I have a Map of String and List counts.I want to iterate this and want to set map values in an object.

    counts.put("ABC", Arrays.asList(1,2,3));
    counts.put("XYZ", Arrays.asList(1,2));
    counts.put("PQR", Arrays.asList(1));
    counts.put("IJK", Arrays.asList());

map values are of list type and it can be 1,2,3 etc. or empty but will not exceed 3 in short size can not be more than 2.

I have written code like below:

for (Map.Entry<String,List<Integer>> count : counts.entrySet()) {
        InventoryOwnerManagerResult result = new InventoryOwnerManagerResult();
        InventoryOwnerPresence  presence = new InventoryOwnerPresence();
        switch (count.getValue().size()) {
            case 1:
                presence.setConfigCount(count.getValue().get(0));
                presence.setWebsitesCount(0);
                presence.setSourcesCount(0);
                break;
            case 2:
                presence.setConfigCount(count.getValue().get(0));
                presence.setWebsitesCount(count.getValue().get(1));
                presence.setSourcesCount(0);
                break;
            case 3:
                presence.setConfigCount(count.getValue().get(0));
                presence.setWebsitesCount(count.getValue().get(1));
                presence.setSourcesCount(count.getValue().get(2));
                break;
            default:
                presence.setConfigCount(0);
                presence.setWebsitesCount(0);
                presence.setSourcesCount(0);
                break;
        }
         result.setInventoryOwnerPresence(presence);
    }

This is very old school as well as not an appropriate approach.
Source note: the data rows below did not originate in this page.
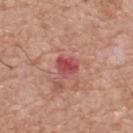Q: Was a biopsy performed?
A: total-body-photography surveillance lesion; no biopsy
Q: What lighting was used for the tile?
A: white-light
Q: Lesion size?
A: ≈3 mm
Q: What kind of image is this?
A: ~15 mm tile from a whole-body skin photo
Q: Lesion location?
A: the upper back
Q: Patient demographics?
A: male, about 60 years old
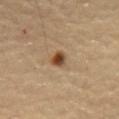Longest diameter approximately 2.5 mm. A roughly 15 mm field-of-view crop from a total-body skin photograph. A male patient aged approximately 55. Located on the abdomen. The tile uses cross-polarized illumination.
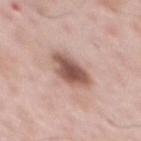Impression: Captured during whole-body skin photography for melanoma surveillance; the lesion was not biopsied. Acquisition and patient details: Located on the chest. A lesion tile, about 15 mm wide, cut from a 3D total-body photograph. A male subject aged around 60.
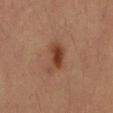<tbp_lesion>
<image>
  <source>total-body photography crop</source>
  <field_of_view_mm>15</field_of_view_mm>
</image>
<automated_metrics>
  <nevus_likeness_0_100>95</nevus_likeness_0_100>
  <lesion_detection_confidence_0_100>100</lesion_detection_confidence_0_100>
</automated_metrics>
<patient>
  <sex>male</sex>
  <age_approx>55</age_approx>
</patient>
<site>abdomen</site>
<lesion_size>
  <long_diameter_mm_approx>4.5</long_diameter_mm_approx>
</lesion_size>
<lighting>cross-polarized</lighting>
</tbp_lesion>
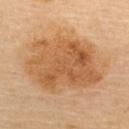Impression: This lesion was catalogued during total-body skin photography and was not selected for biopsy. Clinical summary: A close-up tile cropped from a whole-body skin photograph, about 15 mm across. The total-body-photography lesion software estimated an outline eccentricity of about 0.75 (0 = round, 1 = elongated) and two-axis asymmetry of about 0.2. And it measured a border-irregularity rating of about 2.5/10, internal color variation of about 6 on a 0–10 scale, and a peripheral color-asymmetry measure near 2. The lesion is located on the upper back. Imaged with cross-polarized lighting. The subject is a female in their 60s.
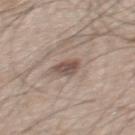Notes:
– acquisition — ~15 mm tile from a whole-body skin photo
– lighting — white-light illumination
– automated metrics — a footprint of about 4.5 mm², an outline eccentricity of about 0.6 (0 = round, 1 = elongated), and a symmetry-axis asymmetry near 0.25; a lesion color around L≈50 a*≈15 b*≈22 in CIELAB, roughly 12 lightness units darker than nearby skin, and a normalized lesion–skin contrast near 8.5; a border-irregularity rating of about 2/10, internal color variation of about 4 on a 0–10 scale, and peripheral color asymmetry of about 1.5
– body site — the back
– subject — male, roughly 50 years of age

Is there any other way to do this?

CodePudding user response：

You can replace the switch with the following:

List<Integer> counts = count.getValue();
presence.setConfigCount(counts.size() > 0 ? counts.get(0) : 0);
presence.setWebsiteCount(counts.size() > 1 ? counts.get(1) : 0);
presence.setSourcesCount(counts.size() > 2 ? counts.get(2) : 0);

This will behave differently if numbers has more than 3 elements; this solution discards only the 4th and later elements, your solution discards all. That doesn't matter though, since you'll never get more than 3 elements.

Which option you chose is personal preference. The switch is clear but verbose, the ternary expressions are concise but may be a bit harder to read for some. As far as performance goes, the switch probably performs better but I doubt you'll really see the difference.